Mutual inductance between a very long, straight wire and a Semicircular loop

[peace]

Homework Statement

Calculate the mutual inductance between a very long, straight wire and a semicircular loop

Relevant Equations

B = µI/2πr

Φ = ∫B.dA

I think I have to assume a point like P in the semicircle. The point in terms of r and θ: P (r,θ).


So the magnetic field at that point:
B = µI/2π(R+rcosθ) .

So the magnetic flux:
Φ = ∫B.dA= µI/2π ∫∫ rdrdθ / R+rcosθ .

Is this the correct solution?

 

[TSny]

So the magnetic flux:
Φ = ∫B.dA= µI/2π ∫∫ rdrdθ /( R+rcosθ) .

Is this the correct solution?

I think your expression for Φ is correct. (I added parentheses in the denominator.) But the integration looks hard to me. I would avoid using polar coordinates r and θ. Can you think of another way to set up the integration over the semicircular area that takes advantage of the fact that B is independent of the vertical position inside the area?

 

[peace]

I think your expression for Φ is correct. (I added parentheses in the denominator.) But the integration looks hard to me. I would avoid using polar coordinates r and θ. Can you think of another way to set up the integration over the semicircular area that takes advantage of the fact that B is independent of the vertical position inside the area?

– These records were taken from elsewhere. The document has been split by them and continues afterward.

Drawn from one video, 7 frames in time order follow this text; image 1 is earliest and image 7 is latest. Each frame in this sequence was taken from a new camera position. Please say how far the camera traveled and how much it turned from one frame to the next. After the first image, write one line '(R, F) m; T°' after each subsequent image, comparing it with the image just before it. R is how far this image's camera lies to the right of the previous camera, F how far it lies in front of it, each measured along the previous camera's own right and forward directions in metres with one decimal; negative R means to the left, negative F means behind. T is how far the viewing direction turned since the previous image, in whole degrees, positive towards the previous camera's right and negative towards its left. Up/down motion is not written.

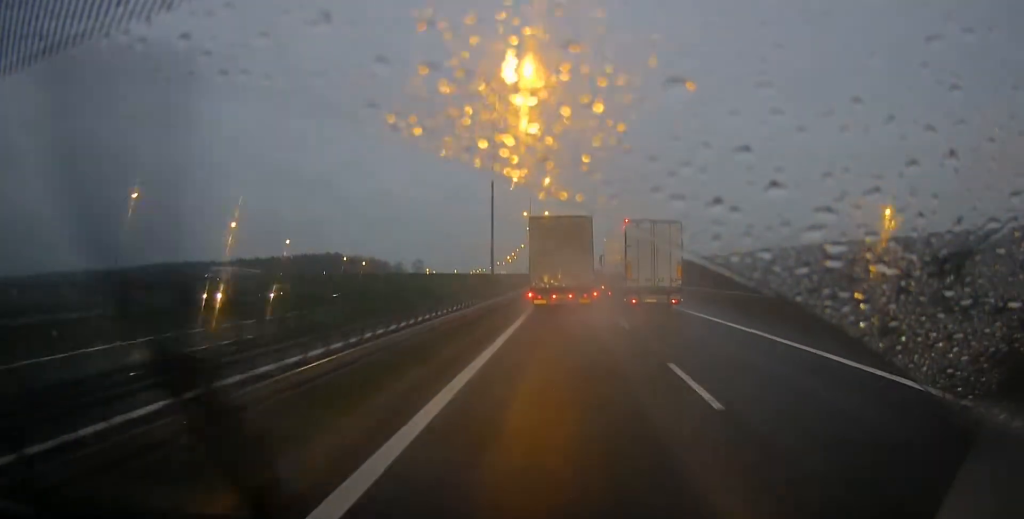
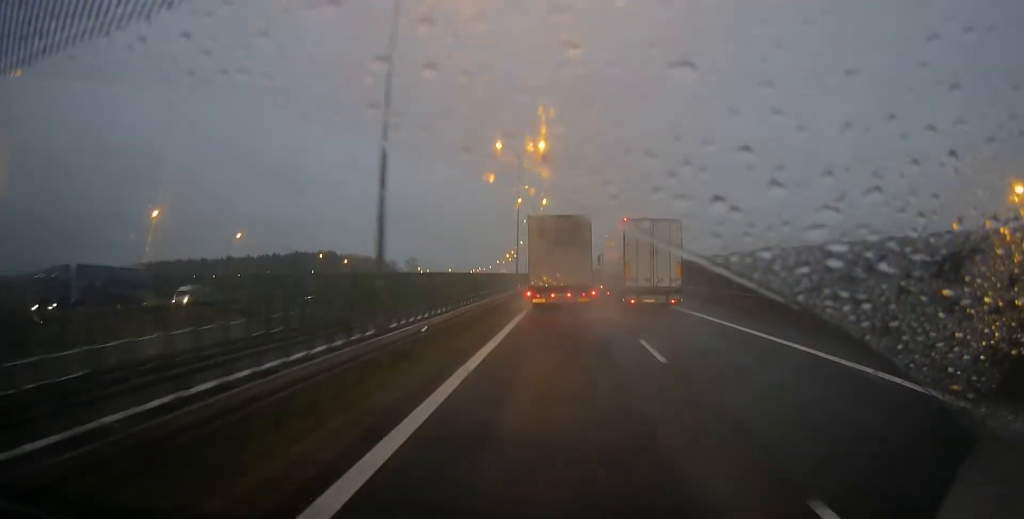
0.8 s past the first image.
(0.0, +19.7) m; 0°
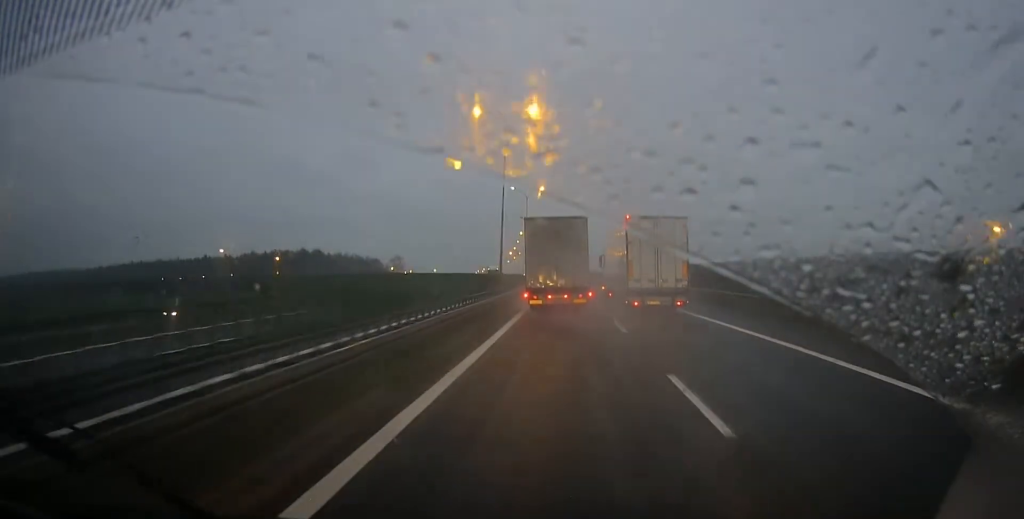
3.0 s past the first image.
(0.0, +53.6) m; 0°
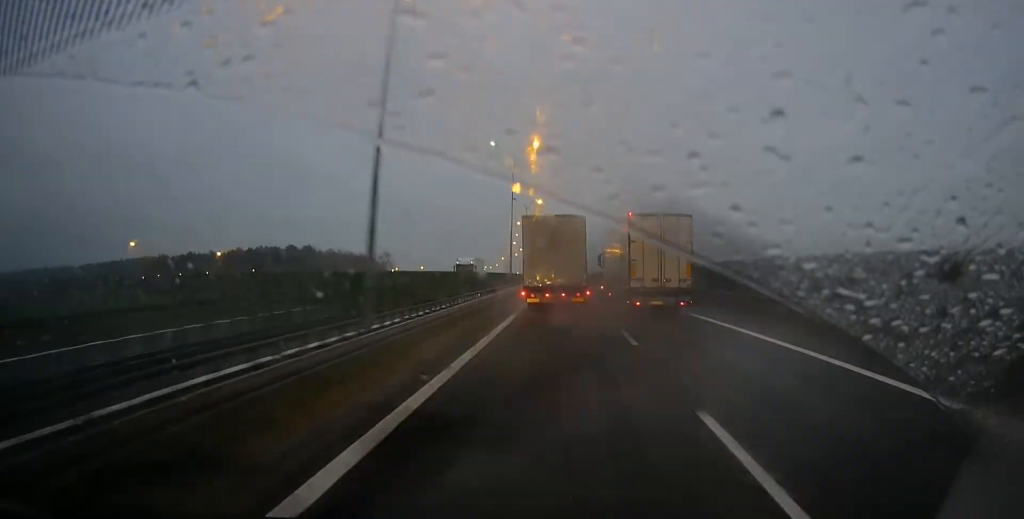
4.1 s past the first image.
(0.0, +27.3) m; 0°
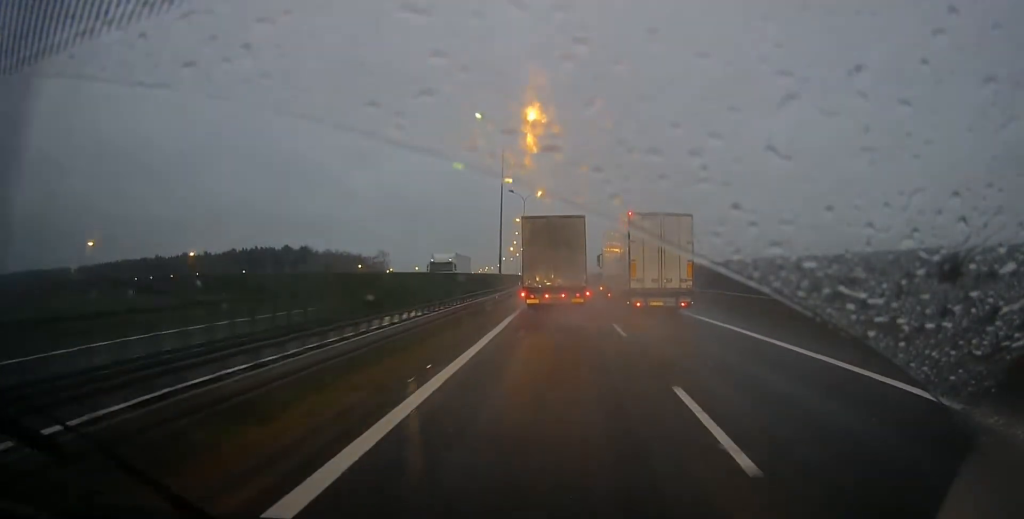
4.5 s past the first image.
(0.0, +9.9) m; 0°
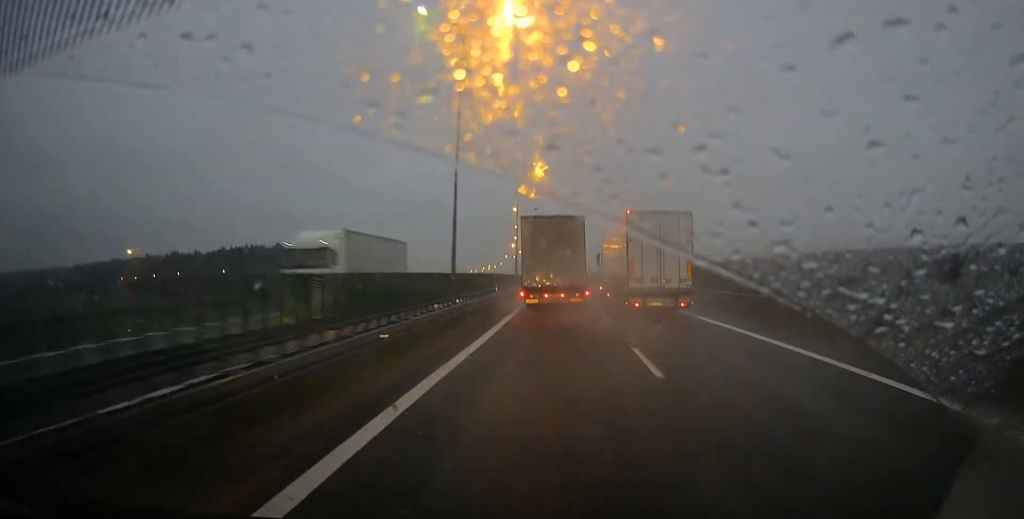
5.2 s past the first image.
(0.0, +19.0) m; -1°
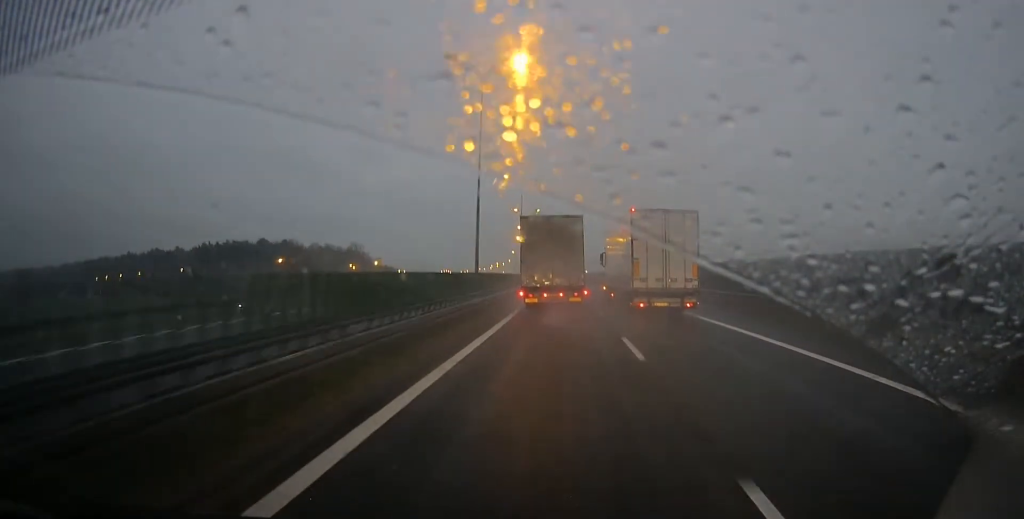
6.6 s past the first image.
(-1.0, +33.5) m; -2°

I don't know exactly. There must be another way.

 

[TSny]

I don't know exactly. There must be another way.

Vertical strips

 

[peace]

Vertical strips

I don't think that can be done. I think the vertical strips are suitable for all shapes such as the square. But I try it now.

 

[peace]

Vertical strips

What is the height of this vertical strip? The height is variable.

 

[BvU]

There is an expression for lower bound and upper bound, as a function of distance from the wire. After that
you just $\int B\cdot dA$...

 

[peace]

There is an expression for lower bound and upper bound, as a function of distance from the wire. After that
you just $\int B\cdot dA$...

is my steps correct?

 

[TSny]

What is the height of this vertical strip? The height is variable.

Yes, the strip's height 2y depends on x. Can you find the functional dependence of y on x?

 

[peace]

View attachment 251804

Yes, the strip's height 2y depends on x. Can you find the functional dependence of y on x?

I turned your idea into the following shot:

 

[peace]

I turned your idea into the following shot:

But calculations with regard to this idea:

 

[TSny]

Yes, looks good so far. You had a sign error in your first equation of post #10, but post #11 looks OK.

 

[peace]

Yes, looks good so far. You had a sign error in your first equation of post #10, but post #11 looks OK.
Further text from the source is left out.